> ABOUT THIS EXERCISE:
Extract the records in full, leaving every picture out.

(Stored items from a collection)
========================================

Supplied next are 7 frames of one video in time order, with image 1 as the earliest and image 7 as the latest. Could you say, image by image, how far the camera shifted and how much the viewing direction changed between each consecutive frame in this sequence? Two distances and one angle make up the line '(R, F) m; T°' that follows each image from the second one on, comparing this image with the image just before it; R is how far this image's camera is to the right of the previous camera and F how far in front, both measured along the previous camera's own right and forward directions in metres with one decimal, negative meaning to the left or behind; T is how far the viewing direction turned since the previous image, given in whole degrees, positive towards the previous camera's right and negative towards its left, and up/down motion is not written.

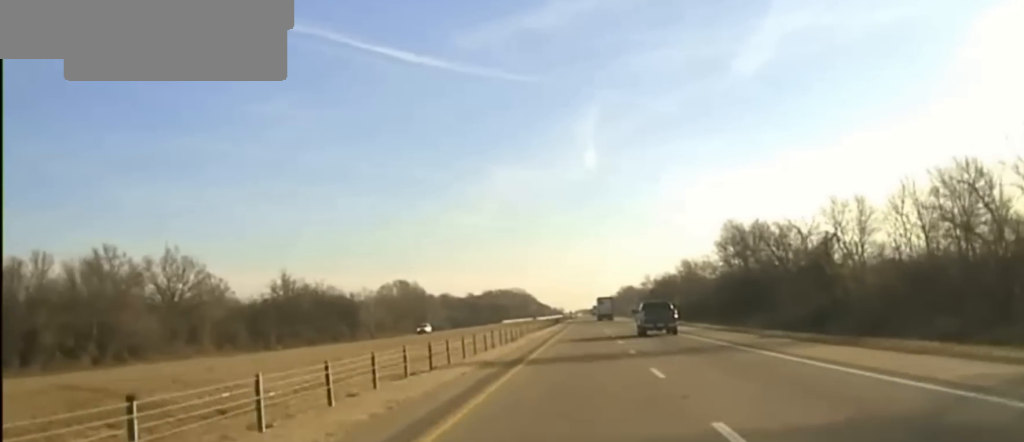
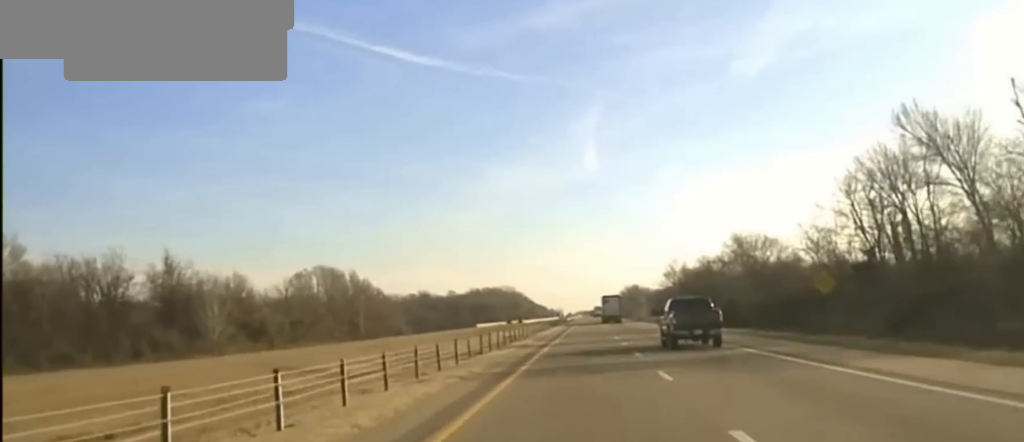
(0.0, +83.3) m; 0°
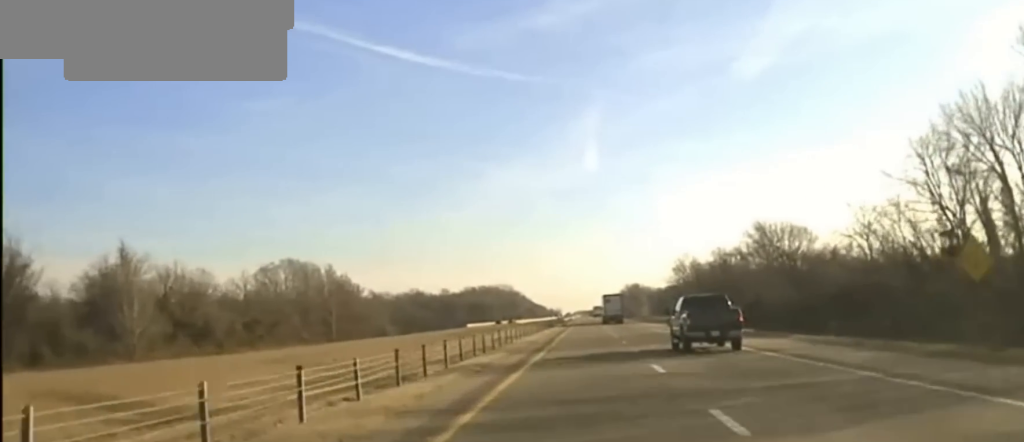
(0.0, +21.1) m; 0°
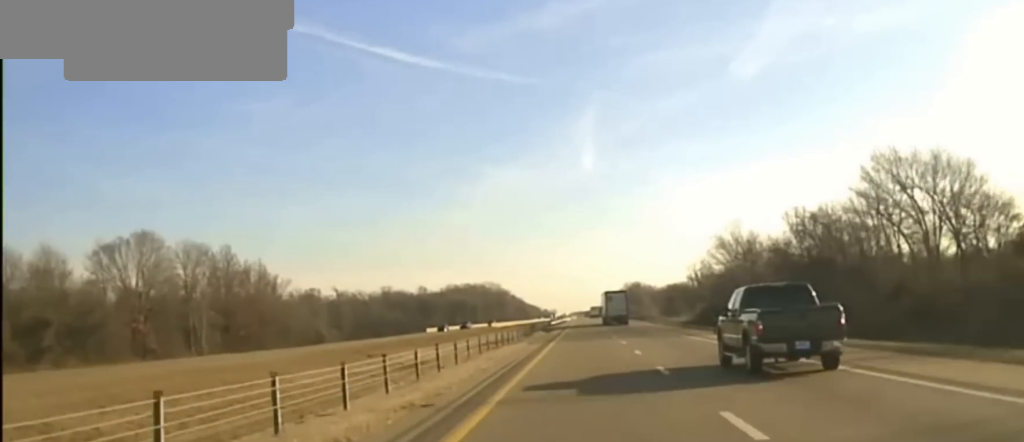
(0.0, +59.3) m; 0°
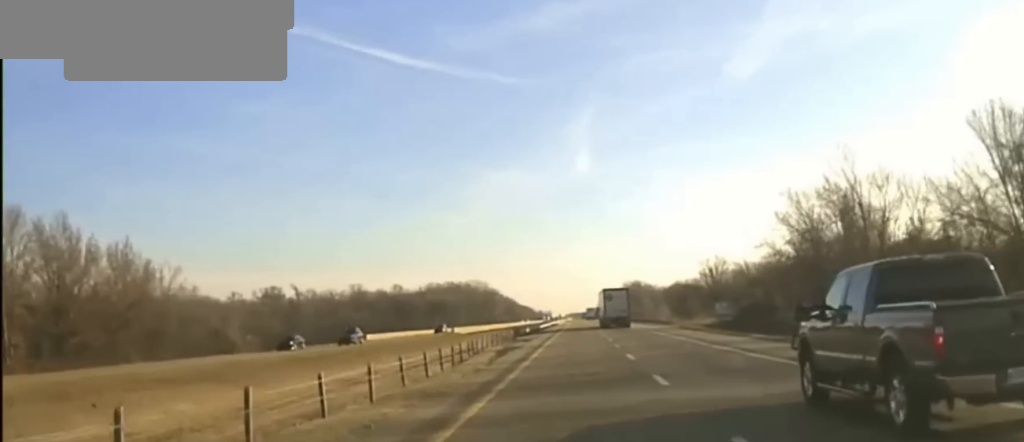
(0.0, +50.6) m; 0°
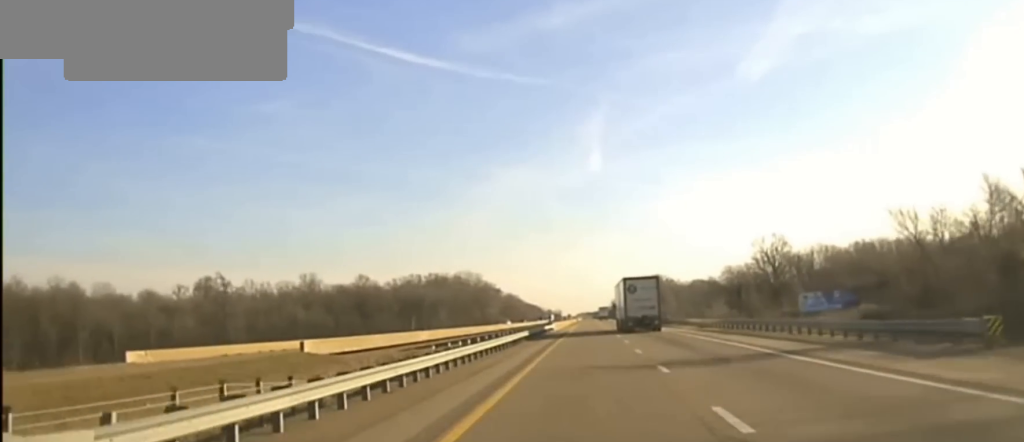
(+0.1, +75.8) m; 0°
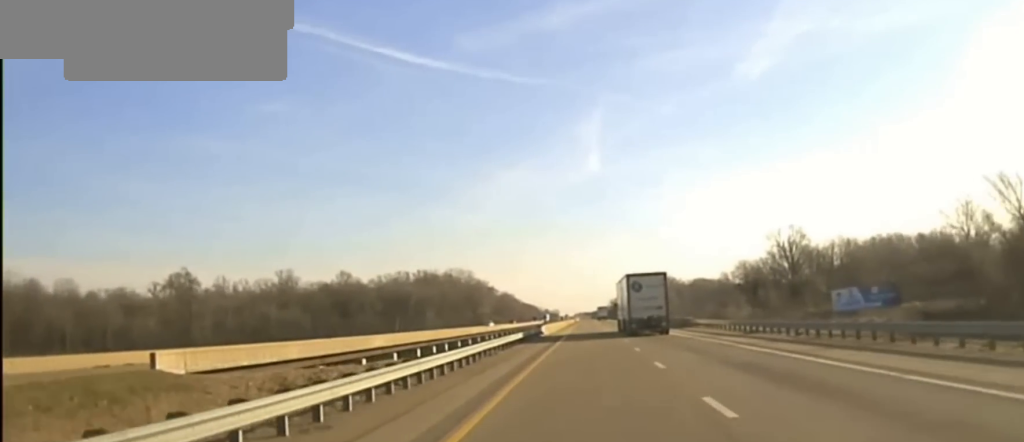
(-0.2, +20.4) m; 0°

========================================

> ANSWER FOR THE TASK:
Supplied next are 7 frames of one video in time order, with image 1 as the earliest and image 7 as the latest. Could you say, image by image, how far the camera shifted and how much the viewing direction changed between each consecutive frame in this sequence? Two distances and one angle make up the line '(R, F) m; T°' that follows each image from the second one on, comparing this image with the image just before it; R is how far this image's camera is to the right of the previous camera and F how far in front, both measured along the previous camera's own right and forward directions in metres with one decimal, negative meaning to the left or behind; T is how far the viewing direction turned since the previous image, given in whole degrees, positive towards the previous camera's right and negative towards its left, and up/down motion is not written.

(0.0, +83.3) m; 0°
(0.0, +21.1) m; 0°
(0.0, +59.3) m; 0°
(0.0, +50.6) m; 0°
(+0.1, +75.8) m; 0°
(-0.2, +20.4) m; 0°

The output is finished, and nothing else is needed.